UK map showing locations of the four rivers modelled.

Figure 3

River Wensum catchment in eastern England.

Figure 3

River Wensum catchment in eastern England.

SCENARIO STRATEGY

Environmental legislation is now driving investment to reduce P discharges to surface waters via the UWWTD which sets annual average TP concentrations of 2 mg/l for works serving populations between 10,000 and 100,000 and 1 mg/l for works serving greater than 100,000 persons. Other permits for 1 mg/l are also set for discharges to sensitive water bodies designated under the Birds and Habitats Directive or WFD. For each catchment modelled, effluent P concentrations were set to reflect those needed to meet the annual average P permit values. The current Best Available Technique for P reduction is considered by the water companies to be dosing with iron or aluminium salts to meet 1 mg/l TP. Where there is no legislative driver (e.g., UWWTD), the concentrations of phosphorus are rarely measured in WWTP effluents. Consequently, for smaller WWTPs across the modelled catchments, there are few reported data as consents for P discharge are typically only applied to works serving populations greater than 10,000. Consequently, a default of 4.53 mg-P/l has been applied to any non-consented discharge. This value was derived from compiling all available effluent quality data and taking a mean concentration (Comber et al. 2010). For the Avon, Lunan and Tywi catchment models WWTP effluents were set to their current (as of 2010) permitted/consented concentration using data supplied by the individual water companies.

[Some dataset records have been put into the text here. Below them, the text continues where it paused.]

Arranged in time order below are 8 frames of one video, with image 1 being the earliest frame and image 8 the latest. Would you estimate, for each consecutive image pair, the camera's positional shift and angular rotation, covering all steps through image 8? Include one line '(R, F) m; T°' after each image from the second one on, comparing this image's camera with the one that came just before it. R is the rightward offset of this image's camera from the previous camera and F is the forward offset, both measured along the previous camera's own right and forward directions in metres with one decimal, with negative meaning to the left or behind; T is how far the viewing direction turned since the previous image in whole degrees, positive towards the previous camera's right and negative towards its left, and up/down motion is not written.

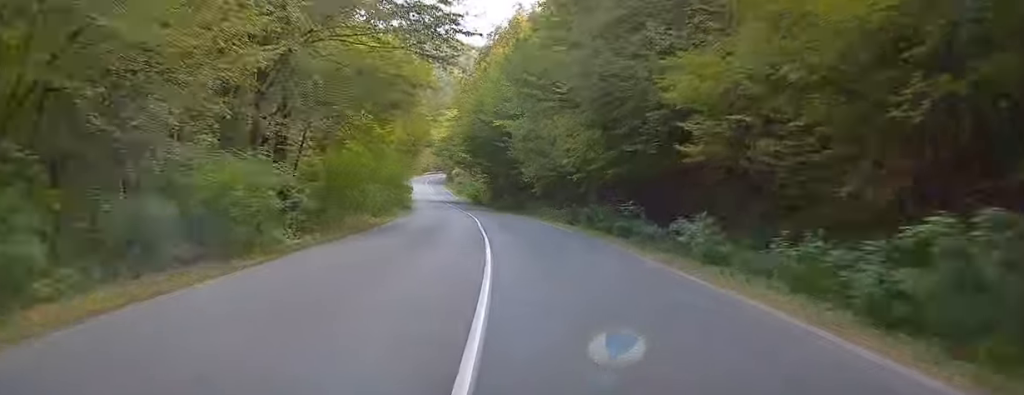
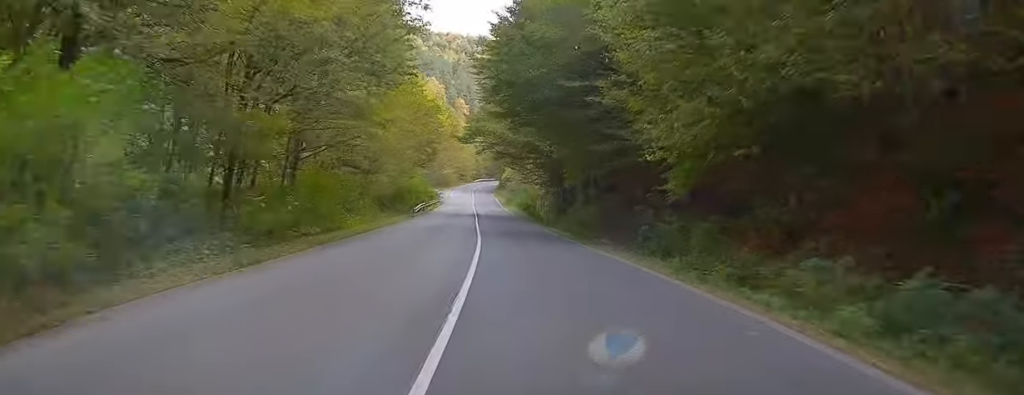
(-1.8, +31.4) m; -6°
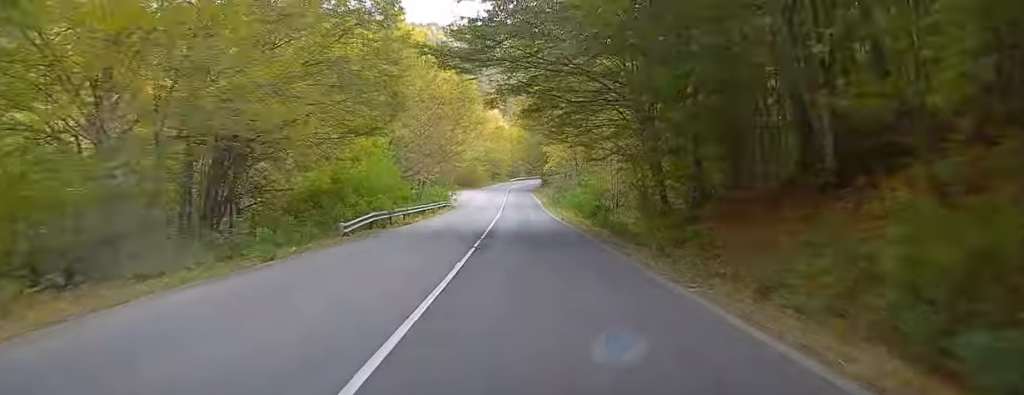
(-1.3, +30.4) m; -4°
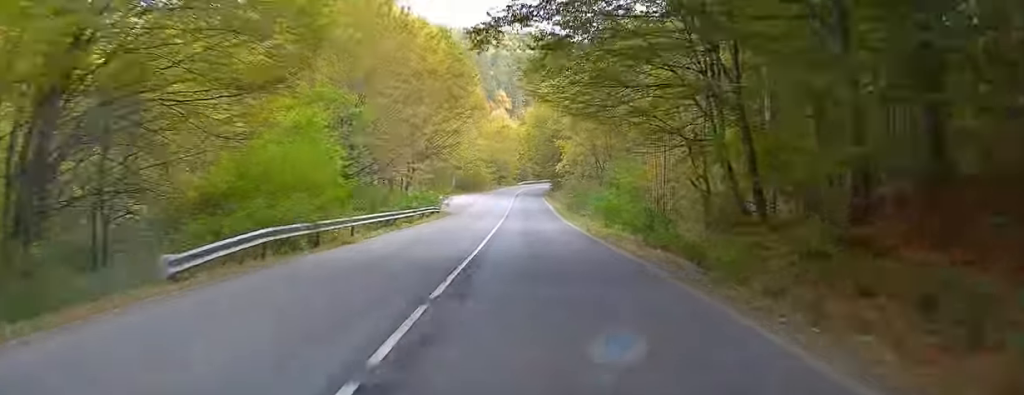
(-0.1, +12.1) m; -1°
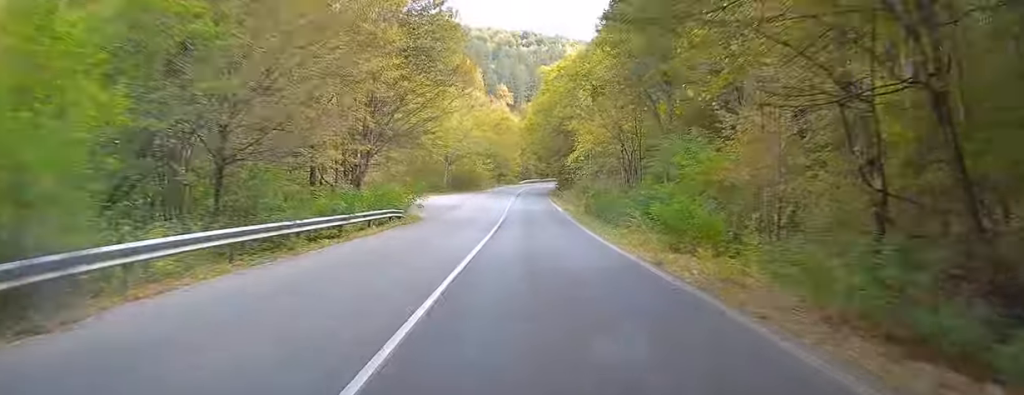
(-0.2, +13.8) m; -1°
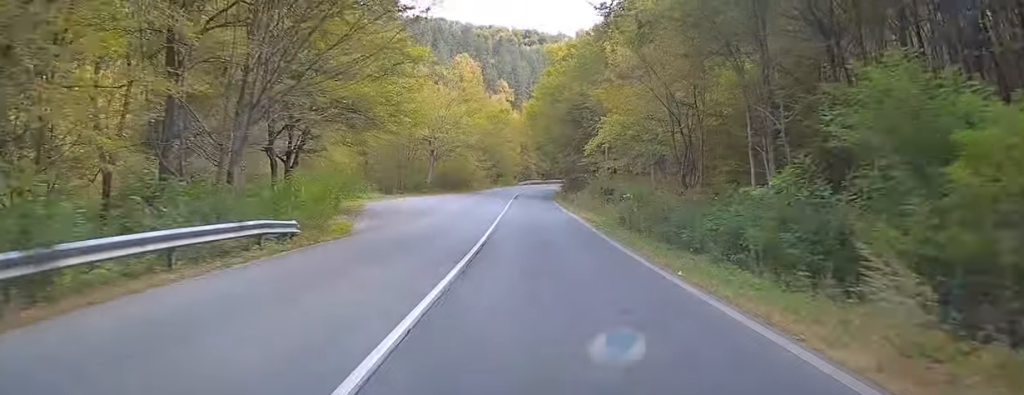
(-0.1, +14.5) m; -1°
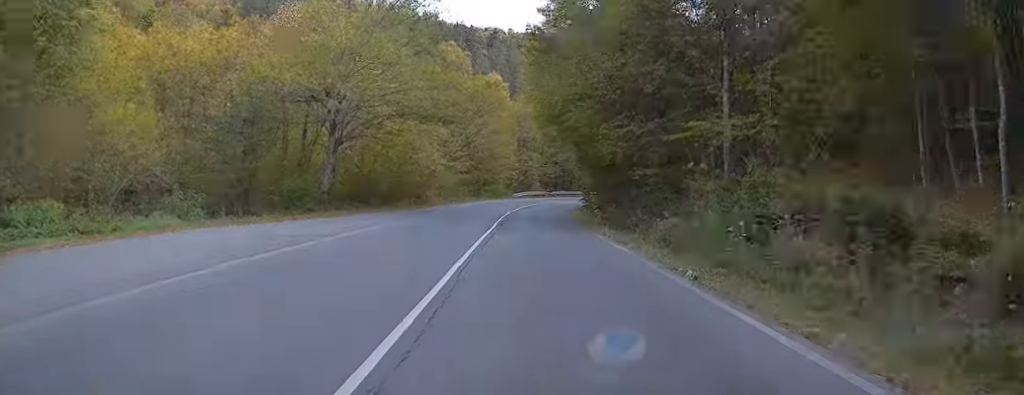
(-0.2, +37.0) m; 0°
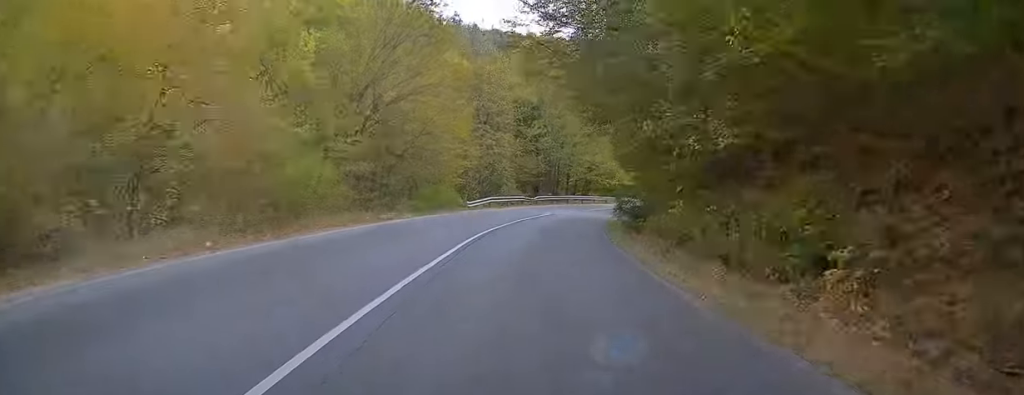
(+0.7, +33.9) m; +3°

With INCA-P set up for the four catchments, a number of scenarios were run to determine the impact of different agricultural and WWTP management scenarios on P discharge to receiving waters. For each of the catchments, land use was kept constant as were the fertilizer application times and rates. The only variable changed was the type of fertilizer applied and its solubility. The solubility of the different forms of biosolid that are available and those of the standard inorganic P are provided in Table 1. Three types of P fertilizer and biosolids substitution were used in the scenarios, namely a base case, assuming use of inorganic phosphorus fertilizer, a scenario with 50% substitution with lime-stabilized biosolids and a scenario with 50% substitution with digested cake biosolids.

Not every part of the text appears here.